A possible solution might be to lump this into the ChainIndexer work, where we're rolling up the 3 (optional) sqlite indexes of chain data into a single entity, which can be extended to index other parts of the chain, or state. Having to re-parse the entire chain each restart isn't ideal, but having a trusted index that could be used immediately and checked occasionally, might be a good approach here.
For now, could you cheat a bit on this one? If you're doing a whole bunch of compatibility checks, could you send a request for the epoch 1 beacon at the beginning of your checks and let it run in the background (ignoring the result but letting it process) while you do the rest of the checks and then do the beacon checks right at the end? So you get lotus starting on that tipset walk process in parallel to the other tests you're running?
I mean, it's fine, our current workaround is to just check a more recent epoch.
Could you please help me understand why the current solution takes so much time, whereas the previous one (v1.28.0) didn't? I'm curious, because a similar change might need to be implemented in Forest as well (or not), which does this, currently, relatively fast (code for reference)
I think you're doing a call out to drand here, right? https://github.com/ChainSafe/forest/blob/5fd1ec506ee7db4d83fa8aca14338429bf11938c/src/rpc/methods/state.rs#L1755
Previously Lotus did this, but the client configs were removed for mainnet, so we only have client configs for quicknet.
There's a couple of issues with this:
It doesn't scale, because it requires drand to be maintaining those networks in perpetuity, which isn't the case. Prior to Filecoin mainnet launch (proper), between epochs 0 and 51000
, we used the "incentinet" drand network, which has apparently been down for years now, so requesting those beacons isn't going to work anyway (and the incentinet client configs were removed long ago from Lotus anyway, so asking for those epochs would have returned an error like the one you experienced that raised this issue in the first place!). You don't notice this in your testing because CalibrationNet is newer than incentinet so only uses drand mainnet and now quicknet. Eventually drand mainnet is going to go away too, so those beacons will stop responding too.
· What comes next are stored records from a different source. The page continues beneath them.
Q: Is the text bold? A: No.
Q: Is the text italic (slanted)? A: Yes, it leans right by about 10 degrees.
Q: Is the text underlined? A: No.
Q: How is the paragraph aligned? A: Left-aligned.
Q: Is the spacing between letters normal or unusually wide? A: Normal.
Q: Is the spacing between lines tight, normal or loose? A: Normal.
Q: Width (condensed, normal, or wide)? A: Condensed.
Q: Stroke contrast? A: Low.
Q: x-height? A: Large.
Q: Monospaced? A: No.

The other problem is that we have a mismatch on some epochs between the drand epoch and the filecoin epoch. It only got super strict by NV15, and during NV14 it was off-by-one. So we've had to decide what StateGetBeaconEntry
is supposed to do - get the precise drand beacon entry for that filecoin epoch? Or get that drand beacon entry that would have been used for that epoch because it got baked into the blocks? We've chosen to go with that approach, because it also matches what would be used if you were to use get_beacon_randomness
from a smart contract. The exact historical behaviour was summarised in filecoin-project/FIPs#1054 after I ended up having to work through it all.
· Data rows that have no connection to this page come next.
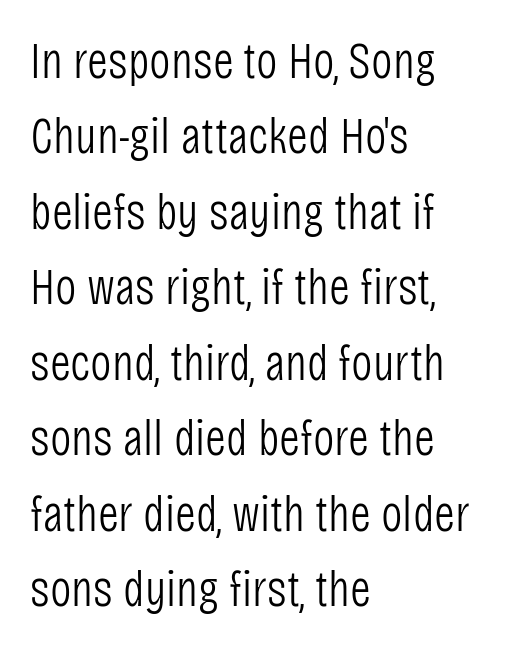
Q: Is the text bold? A: No.
Q: Is the text italic (slanted)? A: No, it is upright.
Q: Is the typeface a serif or a sans-serif typeface? A: Sans-serif.
Q: Is the text underlined? A: No.
Q: How is the paragraph aligned? A: Left-aligned.
Q: Is the spacing between letters normal or unusually wide? A: Normal.
Q: Is the spacing between lines tight, normal or loose? A: Normal.
Q: Width (condensed, normal, or wide)? A: Condensed.
Q: Stroke contrast? A: Low.
Q: x-height? A: Large.
Q: Monospaced? A: No.
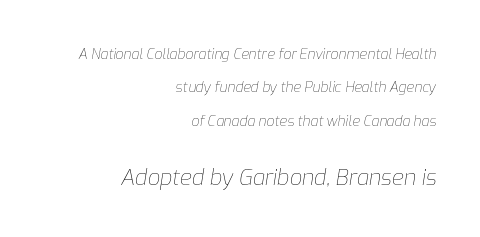
Q: Is the text bold? A: No.
Q: Is the text italic (slanted)? A: Yes, it leans right by about 9 degrees.
Q: Is the text underlined? A: No.
Q: How is the paragraph aligned? A: Right-aligned.
Q: Is the spacing between letters normal or unusually wide? A: Normal.
Q: Is the spacing between lines tight, normal or loose? A: Loose.
Q: Which block of text is set in a larger size, the first (top) or the second (bottom)? A: The second (bottom) one.

So, if you want to match Lotus precisely on this API you're going to have to fish around in tipsets to find beacon entries using that same algorithm for historic look-ups. Then if you want to be even more comprehensive in testing compatibility you could look at null and non-null rounds within each of the main periods of beacon history: pre-nv13, nv13, nv14, post-nv14 and then post-quicknet which was 120 epochs after nv23. Probably unnecessary, however, given FIP-0095, it's now possible for smart contracts to reach back in history for these beacons, so it'll end up being a consensus issue if Forest is providing different entries to Lotus and someone writes a contract that goes back into these periods. (Also depends on how you're exposing the beacon lookups to that syscall, maybe that's different to how you're serving StateGetBeaconEntry
?).
I'd be interested to know if you come up with an efficient and dependable way to establish the epoch->tipset mapping, both on startup and continuously.